At present, however, little is known of the safety and long term tolerability of RAL-containing regimens in persons undergoing solid organ transplantation. As more HIV-infected patients undergo organ transplantation, there is a growing need for good data on such things as the effect of dialysis on RAL concentrations, the potential interactions with commonly used immunosuppressive drugs, and the pharmacokinetic (PK) /pharmacodynamic (PD) characteristics in those with end stage organ failure, as well as those with functioning grafts.
The proposed study will also examine transplant function and survival in HIV-infected patients receiving RAL-containing ART and will compare it to HIV negative historic controls.
Full description
Pre-transplant:
Patients on stable antiretroviral regimens who undergo evaluation for transplantation and are subsequently placed on the transplant waiting list will be considered for inclusion in the study.
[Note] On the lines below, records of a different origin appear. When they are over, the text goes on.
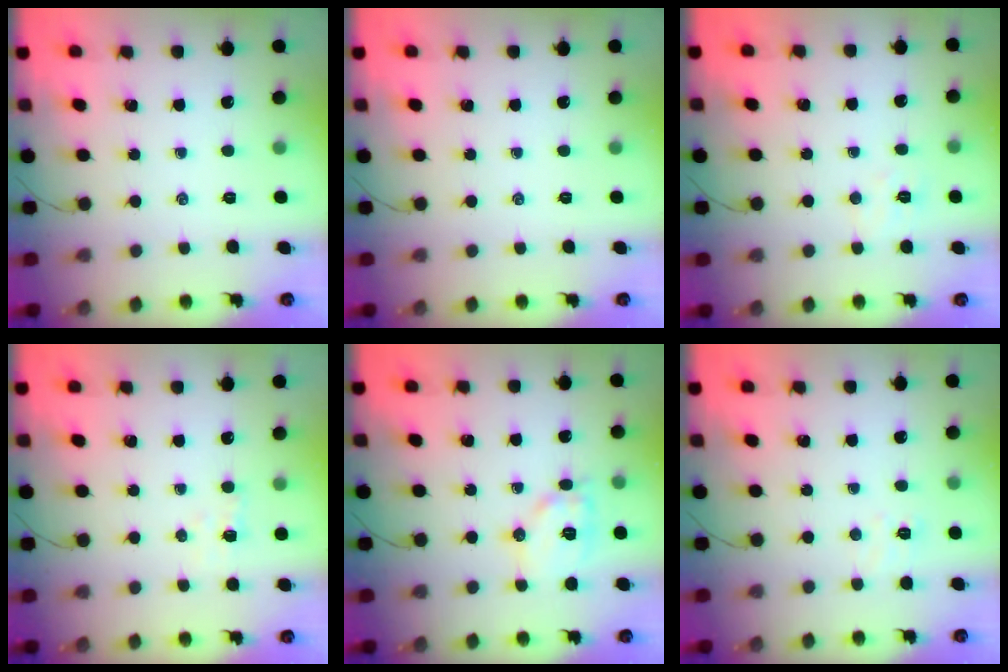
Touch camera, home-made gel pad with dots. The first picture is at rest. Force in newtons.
{"total": 0.0}
{"total": 4.6, "press": 4.5, "slide": 0.9}
{"total": 3.3, "press": 3.2, "slide": 0.8}
{"total": 10.5, "press": 10.5, "slide": 0.3}
{"total": 4.6, "press": 4.5, "slide": 1.1}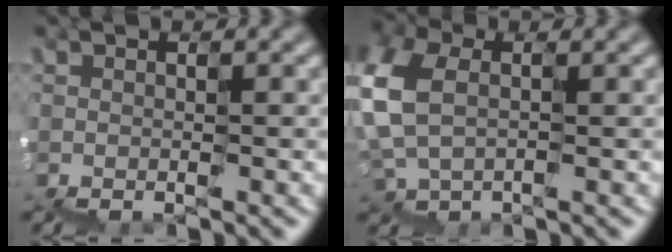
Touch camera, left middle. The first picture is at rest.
{"total": 2.9, "force": [0.3, 2.5, 1.5], "torque": [-0.082, 0.014, -0.005]}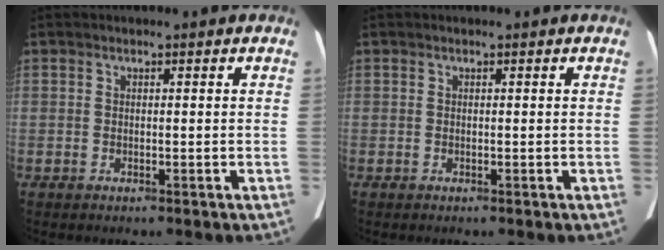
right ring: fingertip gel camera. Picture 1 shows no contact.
{"total": 0.0}

The details of the cART for each patient will remain the sole purview of the patient and the patient's HIV care provider.
To be considered for solid organ transplantation, in addition to routine transplant listing criteria, the patient must fulfill the following criteria:
After all screening procedures have been completed to ensure eligibility, a pre-transplant pharmacokinetic study will be done as described below. Using specimens obtained during 7 time points, patient-specific Cmax, Cmin and AUC determinations will be made using standard calculation approaches. The PK data will also include samples drawn on dialysis days for patients with End-stage renal failure:- pre-dialysis, arterial and venous concentrations (Cin and Cout) at the beginning of dialysis, and post dialysis levels (to determine individual hemodialysis extraction ratios).
Additional data to be collected include a Quality of Life questionnaire, SF-36, and a PHQ-9 depression screen which will be administered as a baseline test done at enrollment. Patients will be asked to have a dual-emission X-ray absorptiometry (DEXA) scan prior to transplant (unless this has been completed within two years of enrollment).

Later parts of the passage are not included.